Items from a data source

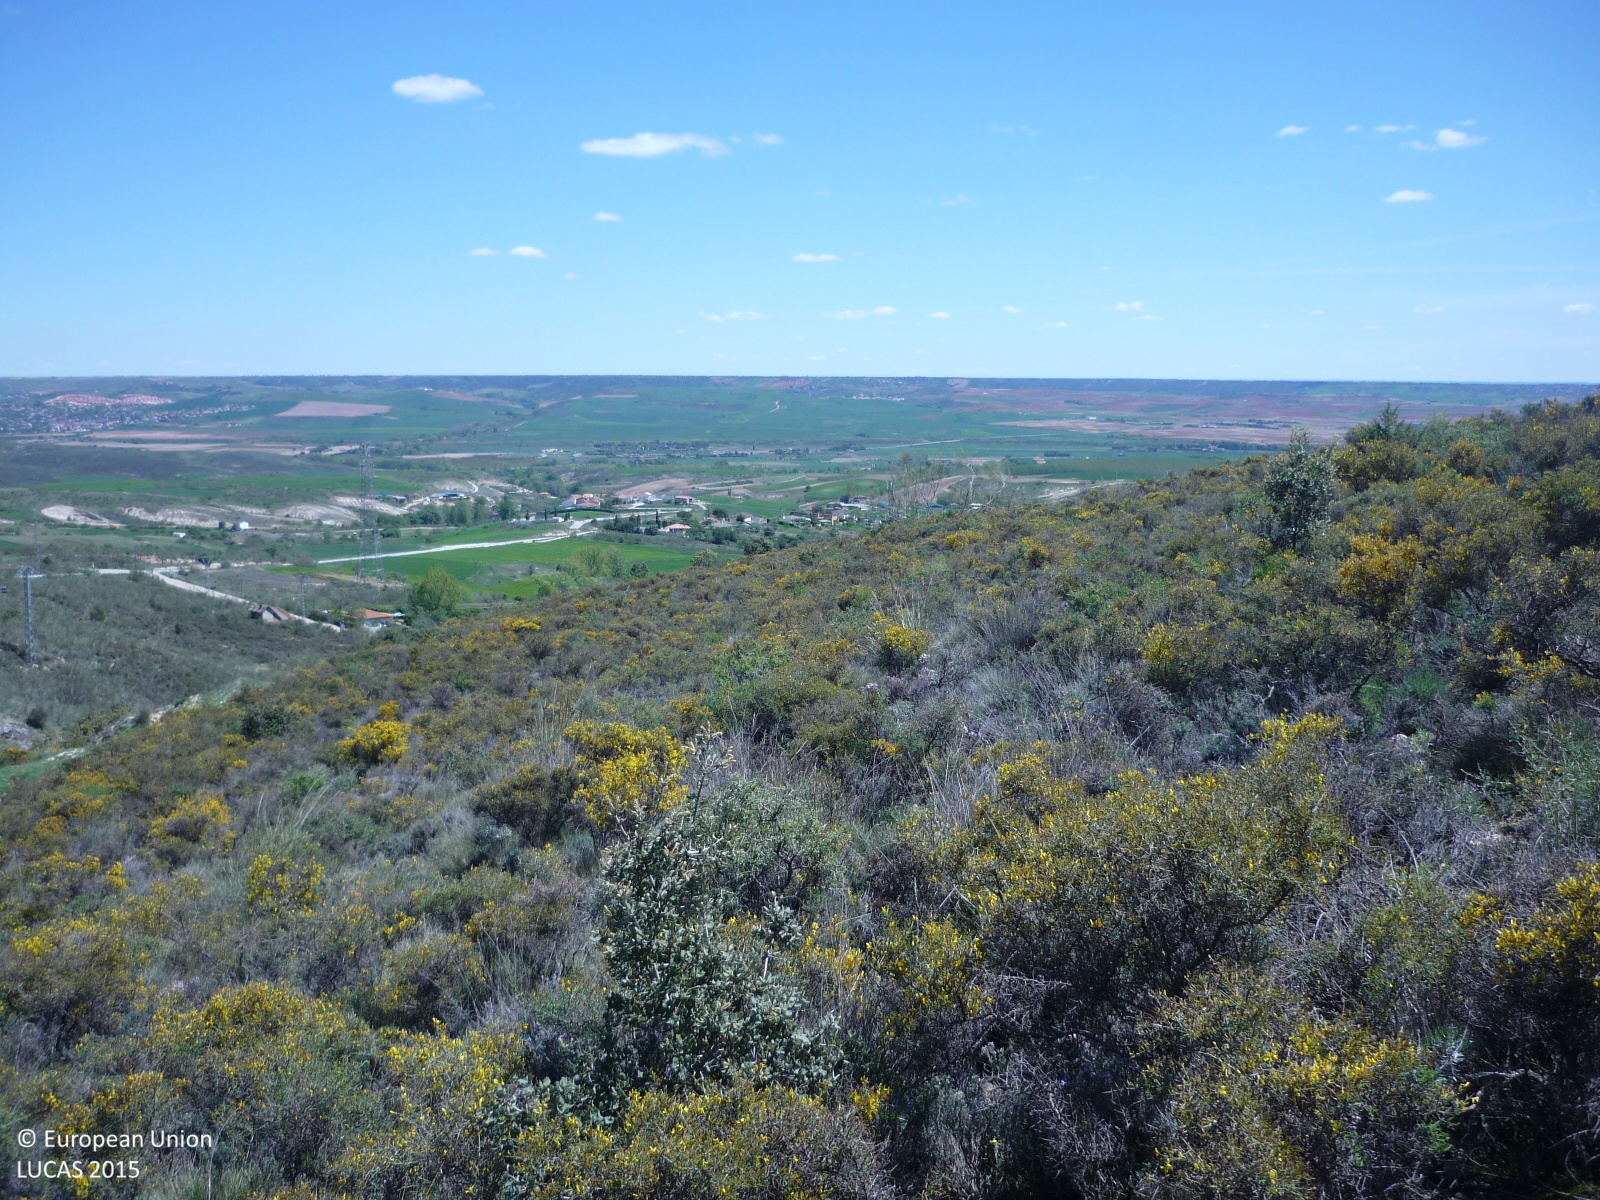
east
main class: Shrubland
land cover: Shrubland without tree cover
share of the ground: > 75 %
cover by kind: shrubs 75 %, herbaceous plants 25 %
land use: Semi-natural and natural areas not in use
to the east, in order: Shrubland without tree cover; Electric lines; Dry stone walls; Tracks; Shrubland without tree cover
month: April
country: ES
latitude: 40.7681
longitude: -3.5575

* DIRECTIONS FOR THIS TASK
Please reproduce each entry above word for word and keep the pictures out of the copy.

* WRITTEN ANSWER
east
main class: Shrubland
land cover: Shrubland without tree cover
share of the ground: > 75 %
cover by kind: shrubs 75 %, herbaceous plants 25 %
land use: Semi-natural and natural areas not in use
to the east, in order: Shrubland without tree cover; Electric lines; Dry stone walls; Tracks; Shrubland without tree cover
month: April
country: ES
latitude: 40.7681
longitude: -3.5575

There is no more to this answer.